Como dije en mi anterior artículo (me niego a escribir “post”!!), el viaje al país de Oz empezó mucho antes que mi viaje físico. Aquí solo hablaré del trayecto París-Melbourne:
Por motivos de logística económica, Alexis y yo tuvimos que viajar separados en compañías aéreas distintas: él con Malaysia Airlines, yo con Cathay Pacific. Mi experiencia aeronáutica fue fascinante, llena de comodidades (manta y almohada incluidas), viandas y entretenimiento a tutiplén. Desde que saliera de París hasta mi llegada a Hong Kong 11 horas después, en todo momento, el viaje se me pasó volando. Ni siquiera cuando me levanté de mi butaca reclinable, el tiempo pareció detenerse. Así pues, mis queridos lectores, todo en la nave nodriza fluía: el vaivén de las azafatas, mis excursiones al baño, las películas (cuánta variedad!), las cabezadas…

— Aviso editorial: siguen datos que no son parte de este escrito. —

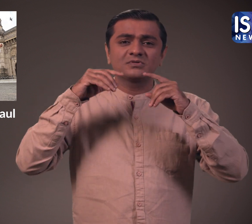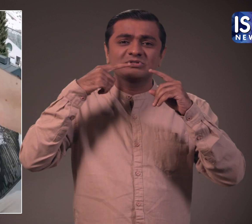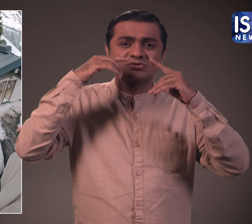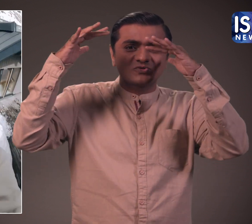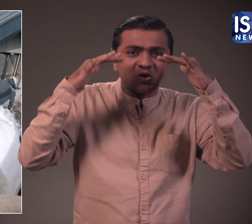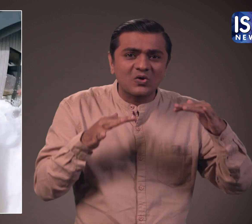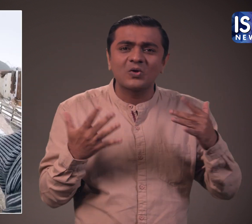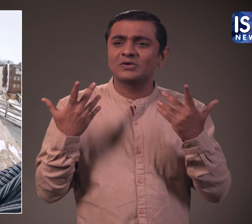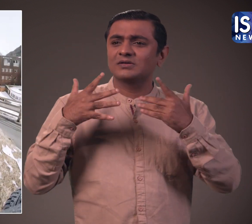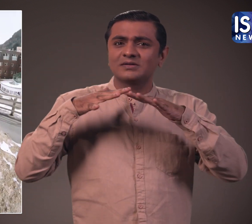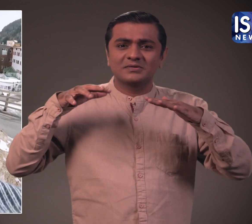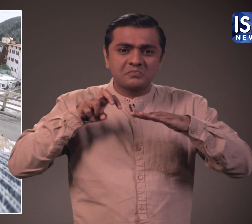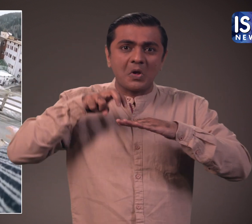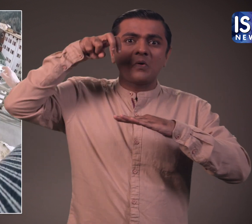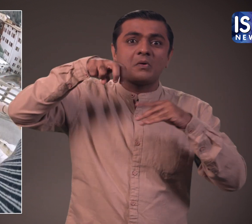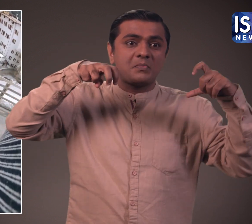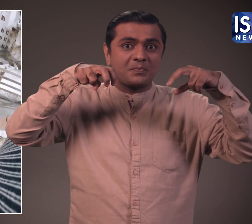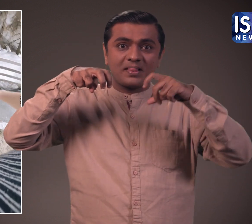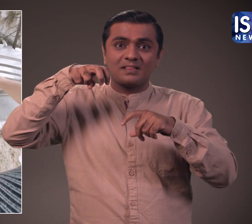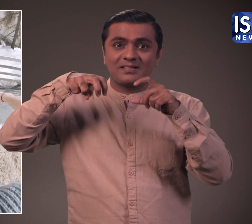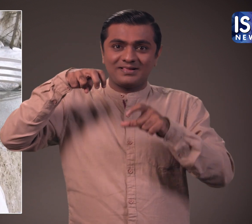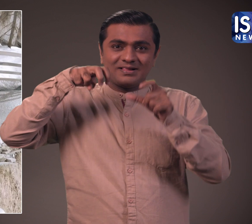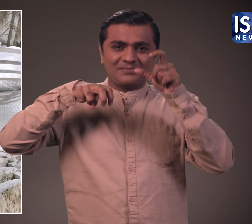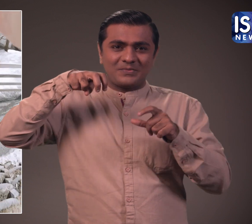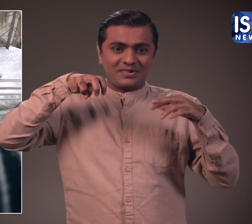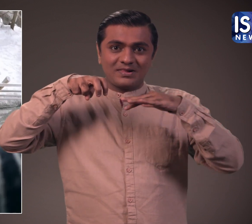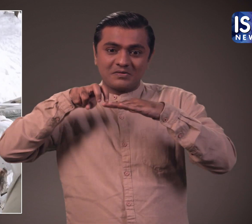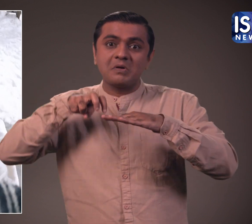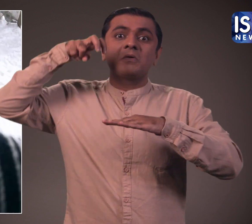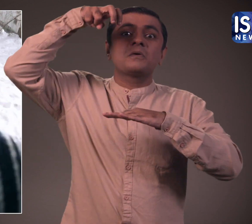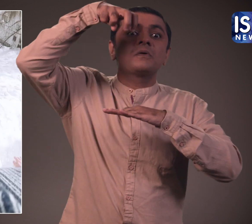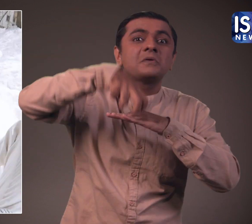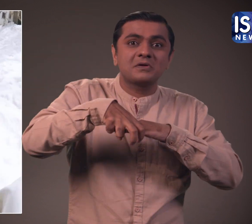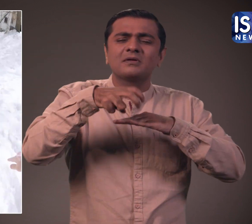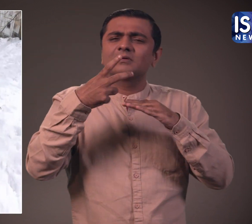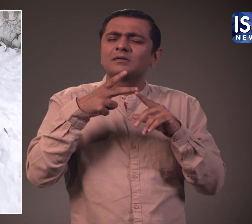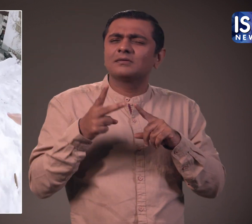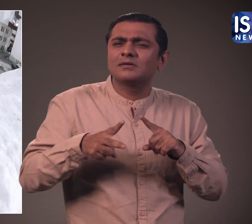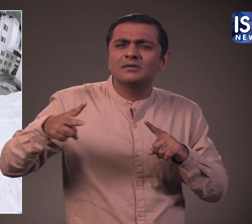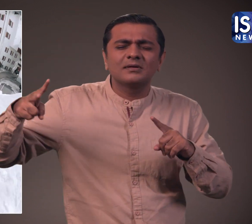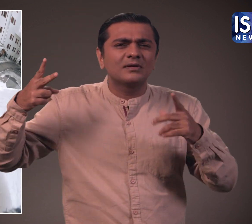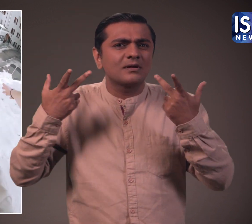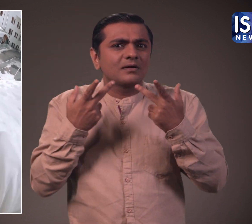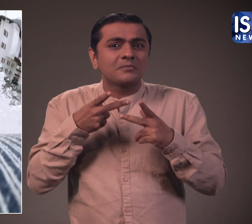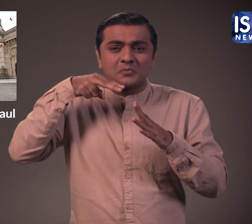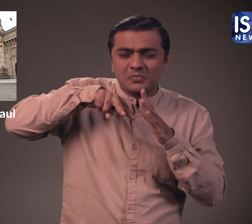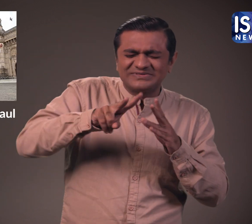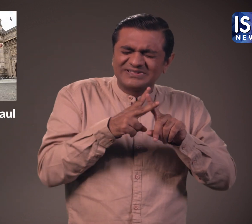देख कर चकित रहे गए जो बर्फ पर और लोगों के उपर किये जाते हैं।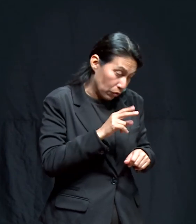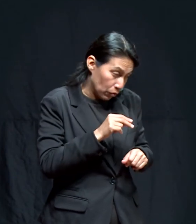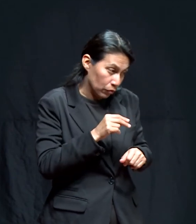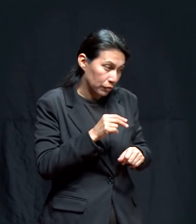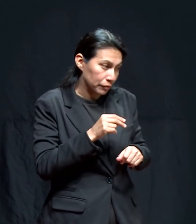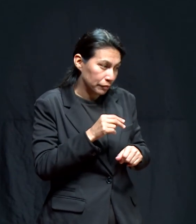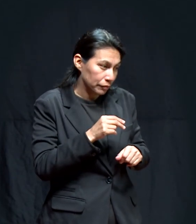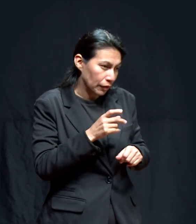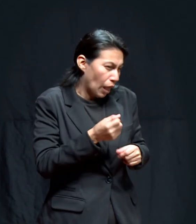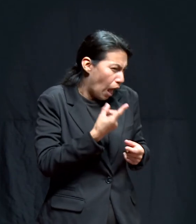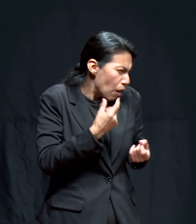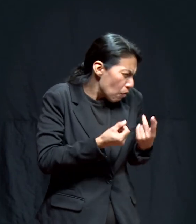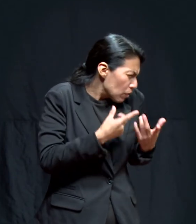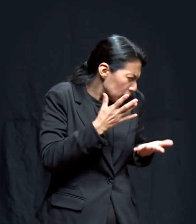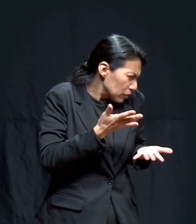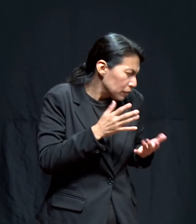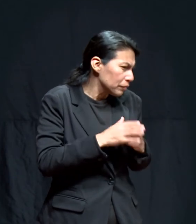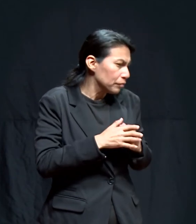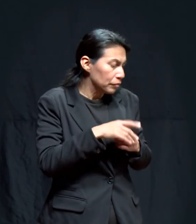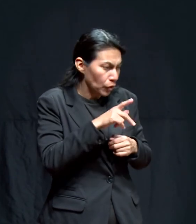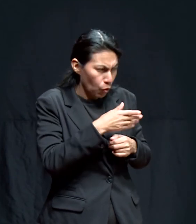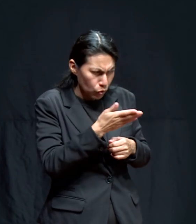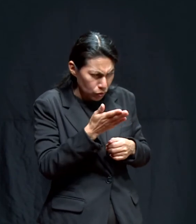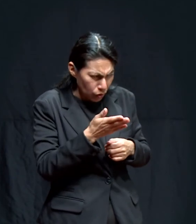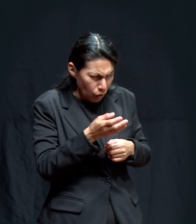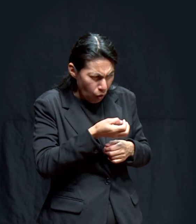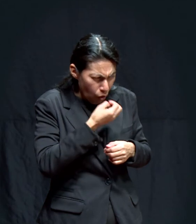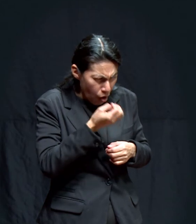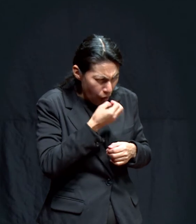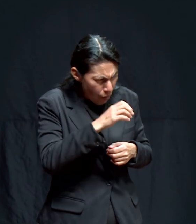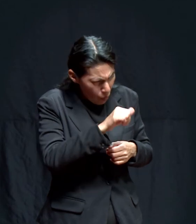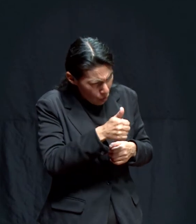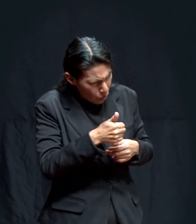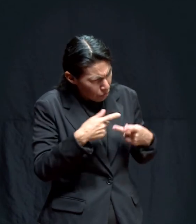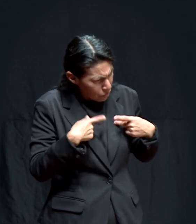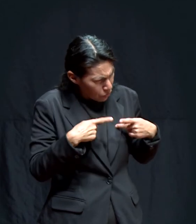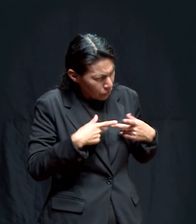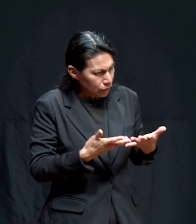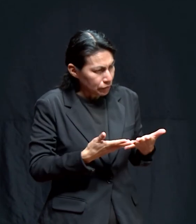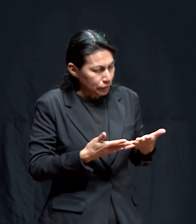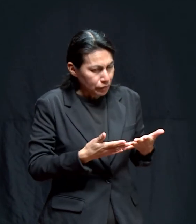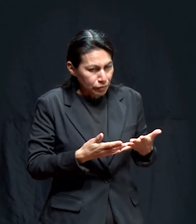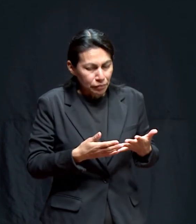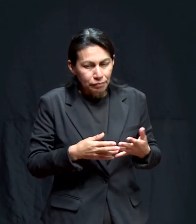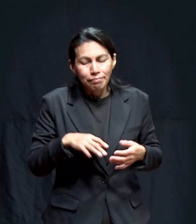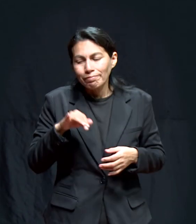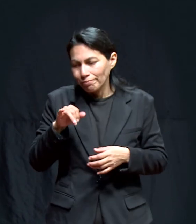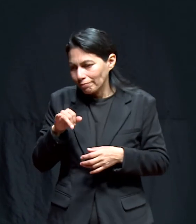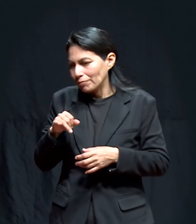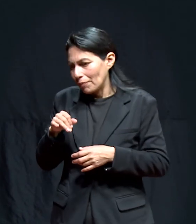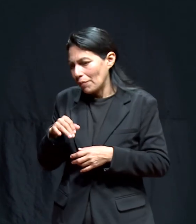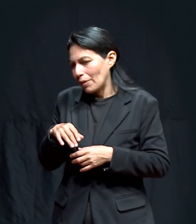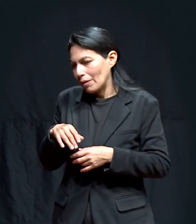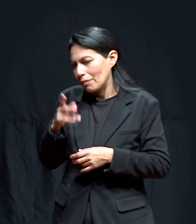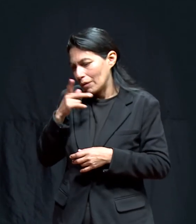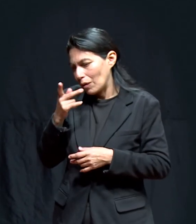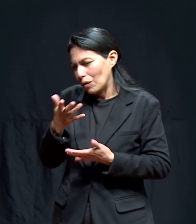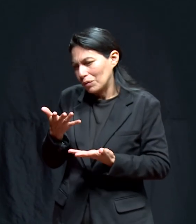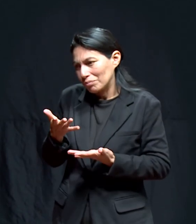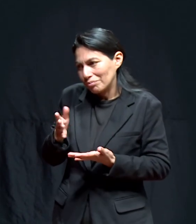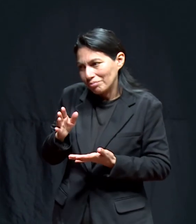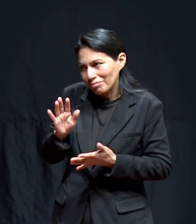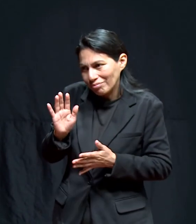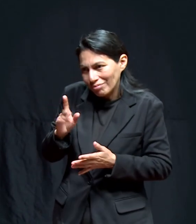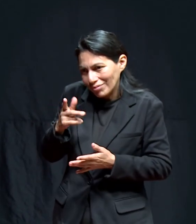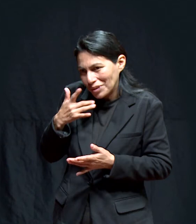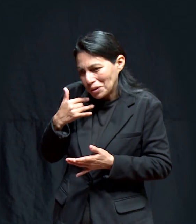más difícil de mi salud. Algo parecido, pero lo que veo es que usted estaba orando por otros. Sí, es curioso

Y de pronto: la China. En una de mis visitas al excusado, nueve horas después de salir de París, miré por un ventanuco y casi lloré de emoción al ver mares de nubes, montañas y ríos. Cuántas veces en mi infancia canté aquello de “China, Japón, media vuelta y cachetón”. Luego recordé a mi novio “japonoide” del colegio: el hijo de un chino y una coreana. Después pensé en mi ropa, mis zapatos, mis maletas, mi sombra de ojos: todo “made in China”. Luego suspiré.
Dos horas después, llegamos a Hong Kong (o “puerto fragante”, que es lo que significa hong kong). Esperaba un aeropuerto futurista, táctil y digital, pero era más modesto de lo que imaginaba. Eso sí, tenía moqueta. Y grandes ventanales también. Y restaurantes y tiendas de caros perfumes occidentales. Todo bastante europeo, salvo la gente y las revistas, casi todas en cantonés.
Durante las tres horas que pasé en el aeropuerto, luché contra mis párpados: apenas había dormido durante el primer vuelo. Pero mereció la pena: vi amanecer, vi el mar y las montañas, y unos rascacielos hongkonoides que daban cachetadas a las montañas de feos que eran.
Y desde el puerto fragante, con dos turbinas por banda y viento en cola a todo reactor, puse rumbo a Melbourne, adonde llegué nueve horas, un sueñito y dos películas después.